V
THE RED-WAGON SCHOLARSHIP

Larry’s parting word to Dick had been altogether hearty and cheerful, as we have seen; but after the parting had settled down into a fact accomplished, Larry spent some pretty lonesome evenings. Not because there wasn’t company enough; there is always plenty of that in any college boarding-house, to say nothing—in Larry’s case—of the lame dogs that came straggling in to get a boost over the mathematical hill. But an evening roomful of more or less hilarious and racketing fellows isn’t everything; and after the crowd broke up there was always the empty chair on the opposite side of the study table, and Dick’s bed, made up and never slept in, to remind Larry of his loss.

Meanwhile, there was Mrs. Grant to be considered.
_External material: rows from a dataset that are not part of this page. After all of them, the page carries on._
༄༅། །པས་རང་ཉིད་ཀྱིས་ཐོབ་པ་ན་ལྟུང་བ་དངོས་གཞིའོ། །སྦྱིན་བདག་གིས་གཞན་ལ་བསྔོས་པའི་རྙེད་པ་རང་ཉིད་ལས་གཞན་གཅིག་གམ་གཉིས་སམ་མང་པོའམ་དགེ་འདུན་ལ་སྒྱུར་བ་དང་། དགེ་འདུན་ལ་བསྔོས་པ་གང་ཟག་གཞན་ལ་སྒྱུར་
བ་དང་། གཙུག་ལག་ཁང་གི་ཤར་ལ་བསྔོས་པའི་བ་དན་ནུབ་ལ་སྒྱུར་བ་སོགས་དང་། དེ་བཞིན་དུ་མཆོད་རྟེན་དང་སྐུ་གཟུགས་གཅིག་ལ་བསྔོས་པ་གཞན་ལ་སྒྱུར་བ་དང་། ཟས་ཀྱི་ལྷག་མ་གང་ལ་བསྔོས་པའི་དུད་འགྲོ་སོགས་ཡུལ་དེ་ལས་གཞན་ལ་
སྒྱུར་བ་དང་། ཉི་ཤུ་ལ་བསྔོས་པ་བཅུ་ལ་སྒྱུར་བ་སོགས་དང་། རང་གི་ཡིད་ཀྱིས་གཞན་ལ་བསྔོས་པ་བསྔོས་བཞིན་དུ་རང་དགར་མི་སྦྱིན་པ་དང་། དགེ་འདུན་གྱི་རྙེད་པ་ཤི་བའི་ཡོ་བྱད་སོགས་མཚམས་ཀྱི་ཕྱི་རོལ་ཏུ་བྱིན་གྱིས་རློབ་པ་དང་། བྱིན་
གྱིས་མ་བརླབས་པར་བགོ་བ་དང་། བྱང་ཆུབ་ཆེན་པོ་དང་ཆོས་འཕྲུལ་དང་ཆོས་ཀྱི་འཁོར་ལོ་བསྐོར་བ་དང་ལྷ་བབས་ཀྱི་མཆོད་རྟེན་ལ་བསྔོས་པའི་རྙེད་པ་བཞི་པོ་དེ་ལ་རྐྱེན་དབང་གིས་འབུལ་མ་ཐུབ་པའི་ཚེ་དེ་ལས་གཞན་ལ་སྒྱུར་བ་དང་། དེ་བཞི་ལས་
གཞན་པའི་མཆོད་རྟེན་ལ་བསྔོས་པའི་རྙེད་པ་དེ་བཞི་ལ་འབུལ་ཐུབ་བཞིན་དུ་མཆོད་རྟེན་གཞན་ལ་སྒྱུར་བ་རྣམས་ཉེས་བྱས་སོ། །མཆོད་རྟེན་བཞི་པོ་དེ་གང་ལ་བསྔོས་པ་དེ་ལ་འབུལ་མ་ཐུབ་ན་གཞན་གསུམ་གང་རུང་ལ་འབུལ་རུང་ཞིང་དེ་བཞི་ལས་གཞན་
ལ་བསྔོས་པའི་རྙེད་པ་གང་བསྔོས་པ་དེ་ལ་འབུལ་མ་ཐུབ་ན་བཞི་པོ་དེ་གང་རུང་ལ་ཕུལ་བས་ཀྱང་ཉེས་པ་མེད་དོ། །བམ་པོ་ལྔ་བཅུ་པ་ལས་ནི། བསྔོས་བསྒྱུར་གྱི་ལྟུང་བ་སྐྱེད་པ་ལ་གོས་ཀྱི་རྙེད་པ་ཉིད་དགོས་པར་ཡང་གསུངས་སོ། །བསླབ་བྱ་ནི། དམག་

After a week had gone by without any move having been made to put anybody in with him, Larry cornered the motherly person one afternoon in the lower hall and asked her about it.

“If you could find somebody you’d like to room with, of course I’d be glad,” said the house-mother. “But I don’t like to ask you to put up with a stranger.”

“You know of somebody?” Larry asked.

“Yes; there is a young man here taking post-graduate work for his Master’s degree. He’s in the Chemical, and he’d like to come.”

Larry had an instantaneous and rather disquieting picture of himself rooming with something worse than an upperclassman—a man who had already been graduated, who was probably working against time, and who would be likely to object most strenuously to the lame dogs and other visitors.

“Will you let me look around a little and see if I can find somebody first?” he asked; and the reply was as kindly as his own mother could have made it.